## Bloom Filters

### Setup

In this Colab, we need to install a [bloom_filter](https://github.com/hiway/python-bloom-filter), a Python library which offers an implementation of Bloom filters.  Run the cell below!

In [1]:
!pip install bloom_filter

Collecting bloom_filter
  Downloading bloom_filter-1.3.3-py3-none-any.whl (8.1 kB)
Installing collected packages: bloom-filter
Successfully installed bloom-filter-1.3.3


### Data Loading

From the NLTK (Natural Language ToolKit) library, we import a large list of English dictionary words, commonly used by the very first spell-checking programs in Unix-like operating systems.

In [1]:
import nltk
nltk.download('words')

from nltk.corpus import words
word_list = words.words()
print(f'Dictionary length: {len(word_list)}')
print(word_list[:15])

Dictionary length: 236736
['A', 'a', 'aa', 'aal', 'aalii', 'aam', 'Aani', 'aardvark', 'aardwolf', 'Aaron', 'Aaronic', 'Aaronical', 'Aaronite', 'Aaronitic', 'Aaru']


[nltk_data] Downloading package words to /Users/mohamed/nltk_data...
[nltk_data]   Package words is already up-to-date!


Then we load another dataset from the NLTK Corpora collection: ```movie_reviews```.

The movie reviews are categorized between *positive* and *negative*, so we construct a list of words (usually called **bag of words**) for each category.

In [2]:
from nltk.corpus import movie_reviews
nltk.download('movie_reviews')

neg_reviews = []
pos_reviews = []

for fileid in movie_reviews.fileids('neg'):
  neg_reviews.extend(movie_reviews.words(fileid))
for fileid in movie_reviews.fileids('pos'):
  pos_reviews.extend(movie_reviews.words(fileid))

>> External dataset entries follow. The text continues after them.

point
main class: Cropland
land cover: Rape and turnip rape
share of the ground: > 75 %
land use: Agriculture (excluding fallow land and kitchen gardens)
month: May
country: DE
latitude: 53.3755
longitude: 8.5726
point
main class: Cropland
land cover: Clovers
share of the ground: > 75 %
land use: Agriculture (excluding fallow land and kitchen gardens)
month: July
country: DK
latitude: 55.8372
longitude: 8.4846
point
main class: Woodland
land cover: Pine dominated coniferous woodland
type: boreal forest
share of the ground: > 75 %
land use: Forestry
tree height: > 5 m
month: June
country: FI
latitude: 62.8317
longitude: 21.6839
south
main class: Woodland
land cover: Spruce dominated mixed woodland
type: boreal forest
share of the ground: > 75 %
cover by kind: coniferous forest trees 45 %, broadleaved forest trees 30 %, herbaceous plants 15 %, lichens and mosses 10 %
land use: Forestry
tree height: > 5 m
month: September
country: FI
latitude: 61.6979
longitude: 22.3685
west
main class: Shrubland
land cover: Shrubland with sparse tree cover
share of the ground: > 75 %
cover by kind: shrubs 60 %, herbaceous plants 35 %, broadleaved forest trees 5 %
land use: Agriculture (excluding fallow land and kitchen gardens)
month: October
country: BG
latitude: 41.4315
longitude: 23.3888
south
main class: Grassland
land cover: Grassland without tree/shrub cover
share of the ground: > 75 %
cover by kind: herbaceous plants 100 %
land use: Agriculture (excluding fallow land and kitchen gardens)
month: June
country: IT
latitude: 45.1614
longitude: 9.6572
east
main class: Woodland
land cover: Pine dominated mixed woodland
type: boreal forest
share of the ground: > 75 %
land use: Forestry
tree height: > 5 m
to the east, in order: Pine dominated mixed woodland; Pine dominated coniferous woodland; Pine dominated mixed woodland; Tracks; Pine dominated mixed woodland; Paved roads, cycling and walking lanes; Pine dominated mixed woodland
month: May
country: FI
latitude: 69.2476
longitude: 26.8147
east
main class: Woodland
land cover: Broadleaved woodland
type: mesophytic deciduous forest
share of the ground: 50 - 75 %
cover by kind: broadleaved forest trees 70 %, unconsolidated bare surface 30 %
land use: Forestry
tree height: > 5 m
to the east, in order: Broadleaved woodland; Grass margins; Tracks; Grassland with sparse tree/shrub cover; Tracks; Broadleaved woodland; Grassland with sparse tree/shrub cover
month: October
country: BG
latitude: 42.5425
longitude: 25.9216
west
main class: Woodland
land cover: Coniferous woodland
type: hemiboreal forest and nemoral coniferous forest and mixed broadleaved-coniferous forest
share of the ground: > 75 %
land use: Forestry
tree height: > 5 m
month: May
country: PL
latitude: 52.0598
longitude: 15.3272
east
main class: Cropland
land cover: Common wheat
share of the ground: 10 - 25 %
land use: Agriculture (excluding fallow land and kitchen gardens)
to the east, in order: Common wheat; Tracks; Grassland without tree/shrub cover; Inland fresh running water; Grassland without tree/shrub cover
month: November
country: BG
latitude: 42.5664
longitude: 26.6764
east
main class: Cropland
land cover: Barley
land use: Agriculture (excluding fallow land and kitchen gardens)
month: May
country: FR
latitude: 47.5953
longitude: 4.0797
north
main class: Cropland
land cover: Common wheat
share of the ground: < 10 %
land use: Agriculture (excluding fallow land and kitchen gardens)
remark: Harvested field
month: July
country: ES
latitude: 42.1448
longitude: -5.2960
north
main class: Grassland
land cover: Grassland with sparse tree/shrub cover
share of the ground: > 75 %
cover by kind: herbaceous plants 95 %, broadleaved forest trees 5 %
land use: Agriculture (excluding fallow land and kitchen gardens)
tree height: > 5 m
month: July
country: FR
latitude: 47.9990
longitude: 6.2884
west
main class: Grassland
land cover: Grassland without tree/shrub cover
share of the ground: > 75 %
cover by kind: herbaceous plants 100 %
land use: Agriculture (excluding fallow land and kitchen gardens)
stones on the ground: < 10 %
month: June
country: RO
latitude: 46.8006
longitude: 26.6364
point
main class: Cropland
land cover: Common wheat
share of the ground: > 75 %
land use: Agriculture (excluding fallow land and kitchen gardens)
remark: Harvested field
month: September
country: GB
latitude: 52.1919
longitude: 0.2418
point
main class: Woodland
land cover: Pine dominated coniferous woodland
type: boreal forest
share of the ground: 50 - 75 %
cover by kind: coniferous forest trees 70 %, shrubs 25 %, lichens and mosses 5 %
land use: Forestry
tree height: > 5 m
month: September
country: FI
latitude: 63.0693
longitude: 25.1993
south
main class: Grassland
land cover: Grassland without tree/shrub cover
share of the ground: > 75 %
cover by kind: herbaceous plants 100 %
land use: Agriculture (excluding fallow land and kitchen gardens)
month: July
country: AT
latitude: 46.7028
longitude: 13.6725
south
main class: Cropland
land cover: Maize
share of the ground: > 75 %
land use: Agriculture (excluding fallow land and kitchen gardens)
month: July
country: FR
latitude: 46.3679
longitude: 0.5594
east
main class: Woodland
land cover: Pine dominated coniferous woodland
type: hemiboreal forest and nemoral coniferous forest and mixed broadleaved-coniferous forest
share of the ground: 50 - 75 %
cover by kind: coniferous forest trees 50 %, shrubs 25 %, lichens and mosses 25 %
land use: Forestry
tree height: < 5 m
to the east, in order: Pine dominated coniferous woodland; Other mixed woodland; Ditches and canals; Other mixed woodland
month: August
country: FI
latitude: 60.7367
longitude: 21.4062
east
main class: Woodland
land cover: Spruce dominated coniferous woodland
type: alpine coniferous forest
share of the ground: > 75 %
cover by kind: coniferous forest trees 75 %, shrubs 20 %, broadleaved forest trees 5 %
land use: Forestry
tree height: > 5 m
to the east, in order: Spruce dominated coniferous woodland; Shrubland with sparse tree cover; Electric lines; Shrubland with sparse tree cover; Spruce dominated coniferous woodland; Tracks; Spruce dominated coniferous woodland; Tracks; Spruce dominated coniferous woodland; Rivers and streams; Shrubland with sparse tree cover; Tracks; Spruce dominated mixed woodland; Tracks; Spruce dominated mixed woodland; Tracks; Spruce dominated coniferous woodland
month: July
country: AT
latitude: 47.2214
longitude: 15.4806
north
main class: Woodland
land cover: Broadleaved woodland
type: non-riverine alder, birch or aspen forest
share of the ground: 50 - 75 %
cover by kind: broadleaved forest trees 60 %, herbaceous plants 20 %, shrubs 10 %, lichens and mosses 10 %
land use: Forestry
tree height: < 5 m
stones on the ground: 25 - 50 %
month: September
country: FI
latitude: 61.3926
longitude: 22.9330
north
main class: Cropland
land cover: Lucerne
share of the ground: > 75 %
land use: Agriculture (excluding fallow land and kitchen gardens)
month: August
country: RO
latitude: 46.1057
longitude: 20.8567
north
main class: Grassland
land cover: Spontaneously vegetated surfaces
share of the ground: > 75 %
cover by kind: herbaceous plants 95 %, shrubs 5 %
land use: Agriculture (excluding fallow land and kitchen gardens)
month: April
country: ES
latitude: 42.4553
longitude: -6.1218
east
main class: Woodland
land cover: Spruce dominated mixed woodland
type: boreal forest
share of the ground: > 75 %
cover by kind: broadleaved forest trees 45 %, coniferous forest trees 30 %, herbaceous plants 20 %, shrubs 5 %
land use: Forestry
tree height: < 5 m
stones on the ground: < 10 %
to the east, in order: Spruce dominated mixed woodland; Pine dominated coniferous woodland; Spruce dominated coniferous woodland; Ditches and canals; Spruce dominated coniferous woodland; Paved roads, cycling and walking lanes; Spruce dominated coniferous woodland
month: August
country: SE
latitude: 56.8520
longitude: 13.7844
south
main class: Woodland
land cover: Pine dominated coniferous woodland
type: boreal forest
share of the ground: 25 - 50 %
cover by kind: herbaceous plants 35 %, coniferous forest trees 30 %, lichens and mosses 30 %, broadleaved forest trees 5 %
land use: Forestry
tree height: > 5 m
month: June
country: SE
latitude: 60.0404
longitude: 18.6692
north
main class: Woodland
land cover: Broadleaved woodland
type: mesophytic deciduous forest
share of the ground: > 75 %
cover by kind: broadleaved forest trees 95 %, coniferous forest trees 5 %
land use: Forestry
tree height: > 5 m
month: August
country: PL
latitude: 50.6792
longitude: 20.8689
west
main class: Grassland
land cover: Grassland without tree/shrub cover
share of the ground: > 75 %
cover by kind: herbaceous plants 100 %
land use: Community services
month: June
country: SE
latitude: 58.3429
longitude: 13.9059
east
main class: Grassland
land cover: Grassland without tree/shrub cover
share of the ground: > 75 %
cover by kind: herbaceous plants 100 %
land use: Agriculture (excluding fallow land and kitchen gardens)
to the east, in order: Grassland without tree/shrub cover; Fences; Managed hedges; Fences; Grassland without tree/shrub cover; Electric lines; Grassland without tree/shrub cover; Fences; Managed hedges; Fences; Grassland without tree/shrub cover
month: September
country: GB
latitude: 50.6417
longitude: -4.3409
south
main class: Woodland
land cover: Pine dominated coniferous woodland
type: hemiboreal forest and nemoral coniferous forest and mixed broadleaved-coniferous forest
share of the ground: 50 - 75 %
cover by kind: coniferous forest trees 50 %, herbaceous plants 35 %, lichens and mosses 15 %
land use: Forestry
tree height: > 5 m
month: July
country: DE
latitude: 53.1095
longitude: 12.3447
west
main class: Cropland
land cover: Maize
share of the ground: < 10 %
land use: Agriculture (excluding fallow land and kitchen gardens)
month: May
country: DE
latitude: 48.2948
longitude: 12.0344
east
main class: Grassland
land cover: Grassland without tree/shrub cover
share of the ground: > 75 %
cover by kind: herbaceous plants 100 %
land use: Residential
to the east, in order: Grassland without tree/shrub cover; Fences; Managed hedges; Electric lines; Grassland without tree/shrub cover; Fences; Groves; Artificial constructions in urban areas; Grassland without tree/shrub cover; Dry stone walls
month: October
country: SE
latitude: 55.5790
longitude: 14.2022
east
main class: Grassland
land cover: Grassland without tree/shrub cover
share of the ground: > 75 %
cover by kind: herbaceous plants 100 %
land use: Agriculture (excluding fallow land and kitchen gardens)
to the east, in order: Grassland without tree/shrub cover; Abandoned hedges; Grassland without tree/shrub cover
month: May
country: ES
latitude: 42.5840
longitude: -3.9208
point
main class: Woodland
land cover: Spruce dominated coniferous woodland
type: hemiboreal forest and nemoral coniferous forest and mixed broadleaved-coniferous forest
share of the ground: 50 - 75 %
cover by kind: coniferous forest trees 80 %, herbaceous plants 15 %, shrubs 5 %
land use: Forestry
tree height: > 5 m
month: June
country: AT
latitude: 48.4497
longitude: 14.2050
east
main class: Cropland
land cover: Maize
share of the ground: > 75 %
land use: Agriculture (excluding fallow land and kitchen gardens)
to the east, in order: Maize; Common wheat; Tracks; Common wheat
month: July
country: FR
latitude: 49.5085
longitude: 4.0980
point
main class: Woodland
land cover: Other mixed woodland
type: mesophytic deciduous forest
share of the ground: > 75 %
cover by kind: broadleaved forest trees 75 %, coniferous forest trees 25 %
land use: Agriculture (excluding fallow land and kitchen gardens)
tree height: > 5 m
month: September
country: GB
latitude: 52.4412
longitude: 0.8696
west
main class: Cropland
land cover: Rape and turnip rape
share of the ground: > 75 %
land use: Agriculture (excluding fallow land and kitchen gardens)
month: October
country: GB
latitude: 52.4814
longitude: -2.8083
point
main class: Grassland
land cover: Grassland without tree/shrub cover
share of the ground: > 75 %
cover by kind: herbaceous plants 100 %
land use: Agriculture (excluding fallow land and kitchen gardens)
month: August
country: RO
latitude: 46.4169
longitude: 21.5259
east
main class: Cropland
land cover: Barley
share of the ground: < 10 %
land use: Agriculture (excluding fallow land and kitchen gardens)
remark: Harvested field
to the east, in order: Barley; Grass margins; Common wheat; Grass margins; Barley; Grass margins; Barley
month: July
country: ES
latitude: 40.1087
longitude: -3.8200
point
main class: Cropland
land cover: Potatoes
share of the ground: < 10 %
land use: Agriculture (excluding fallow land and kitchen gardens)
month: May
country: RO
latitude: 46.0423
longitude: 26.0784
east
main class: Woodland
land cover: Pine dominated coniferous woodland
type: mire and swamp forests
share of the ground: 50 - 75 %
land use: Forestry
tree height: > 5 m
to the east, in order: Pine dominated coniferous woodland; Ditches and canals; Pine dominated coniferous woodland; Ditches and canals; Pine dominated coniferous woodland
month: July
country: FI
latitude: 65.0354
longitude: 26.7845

[nltk_data] Downloading package movie_reviews to
[nltk_data]     /Users/mohamed/nltk_data...
[nltk_data]   Package movie_reviews is already up-to-date!


### Your task

In this Colab, you will develop a very simplistic spell-checker.  By no means you should think of using it for a real-world use case, but it is an interesting exercise to highlight the strenghts and weaknesses of Bloom Filters!

In [3]:
from bloom_filter import BloomFilter

word_filter = BloomFilter(max_elements=236736)

for word in word_list:
  word_filter.add(word)

word_set = set(word_list)

If you executed the cell above, you now have 3 different variables in your scope:

1.   ```word_list```, a Python list containing the English dictionary (in case insensitive order)
2.   ```word_filter```, a Bloom filter where we have already added all the words in the English dictionary
3.   ```word_set```, a [Python set](https://docs.python.org/3.6/library/stdtypes.html#set-types-set-frozenset) built from the same list of words in the English dictionary

Let's inspect the size of each datastructure using the [getsizeof()](https://docs.python.org/3/library/sys.html#sys.getsizeof) method!



In [5]:
from sys import getsizeof

print(f'Size of word_list (in bytes): {getsizeof(word_list)}')
print(f'Size of word_list (in bytes): {getsizeof(word_filter)}')
print(f'Size of word_list (in bytes): {getsizeof(word_set)}')

# YOUR CODE HERE


Size of word_list (in bytes): 2115944
Size of word_list (in bytes): 48
Size of word_list (in bytes): 8388824


You should have noticed how efficient is the Bloom filter in terms of memory footprint!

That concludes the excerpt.